Did you remember the days when you were a small child looking forward to the first snow to go out and having fun? Sitting at the window and staring at the dancing snowflakes out in the cold? Back in the childhood again I was adapting my training plan to have some fun in the snow. Instead of waiting for the sunny afternoons to have a great long ride it’s now waiting for the very cold and snowy evenings and nights to test the materials, working with the cold, building endurance and getting used to run in the night.
My first snow adventure was yesterday when i was out in the forest after a day of snowfall. You won’t believe but i was really alone out there. and i was asking myself for the reason of that. was it beacause i was running blind as a bat on contact with all the trees and bushes not able to see anybody running on my left, right or in front of me? Or was it because there was nobody mad enough to run that deep into the forest loosing almost the path? It doesn’t matter. Event though the panorama wasn’t great, the experience truly was. And it was one of my most efficient “high knee” trainings ever 😉 Here is a view on the trail, “when the trail is leading you”.

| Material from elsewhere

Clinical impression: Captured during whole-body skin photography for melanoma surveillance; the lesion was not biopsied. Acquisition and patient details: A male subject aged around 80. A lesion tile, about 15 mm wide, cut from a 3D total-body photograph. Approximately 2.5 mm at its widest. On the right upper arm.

Inspired by my friday run I’ve decided to do my saturday brick training in the evening too. As there are four months left till day 1 I wanted to take opportunity of the dropping temperatures to train, to work with the ground (ice, snow) and to experiment with the clothing. So I started close to eight with 90 minutes of spinning and looking the trashy, bloody action movie called “Ninja assassins”. Everything was in place for the run out in the cold. Armed only with really basic clothing (how less can i wear without getting cold?), my Mizuno Cabrakan 4, my ipod and a lukewarm leg of my bread man – freshly baked by my outstanding support team – i was leaving the house towards Restaurant Rigiblick on the other side of Zurich.
I was running about 120m when my newly acquired ninja reflexes were preventing the worst case: an almost crash on ice. Lucky me, my body and legs were already warm from the bike session. Both legs – the one of the bread man and mine – were safe. I guess it looked a bit like uncontrolled core stabilisation training on the street. “Why did you leave without the spikes? Is this already the old men’s running madness coming over me?” But you know what, it comes even better: i decided to go on instead of running back the few meters to change the shoes. But looking back it was the right decision as I just had to learn to “read” the streets and footways. I was running along the thin line between the snow mountains along the street and the potentially icy dark footway – great training for balance and the feet. I was crossing people shaking their heads, giving me direction through the ice, showing thumbs up or just staying there and looking at the alien that was rushing by with this fully packed backpack (always on mid and long runs) and glowing from the forehead. I was running into the city along the inspiring Ironman transition zone in Zurich, then along the lake through the lights towards Bellevue and then up to the Zurich Berg, where I was meeting my support team at Zurich Fluntern. They were back again from picking Max from work and driving all home now. When I was entering the car, looking into the eyes of Max I was reading something like “Are you completely nuts?” in his disbelieving eyes. Yes, I am nuts. But who cares? I don’t.
Materials used on Friday (-1 to – 3°C)
Icebreaker 200 (layer 1) with soft shell (layer 2) and windstopping tight (only one layer). Thick Cap and Gloves. Warm woolen socks and Salomon Snowcross boots. > Too warm on upper body, hands and head.
Materials used on Saturday (-3 to -5°C)
Icebreaker 100 (layer 1) with same soft shell (layer 2) and windstopping tight (lighter than the one yesterday). Light cap and light gloves. Compression socks and Mizuno Cabrakan 4 trail shoes. Backpack (3kg total weight). > Perfect, still a tic too warm on head.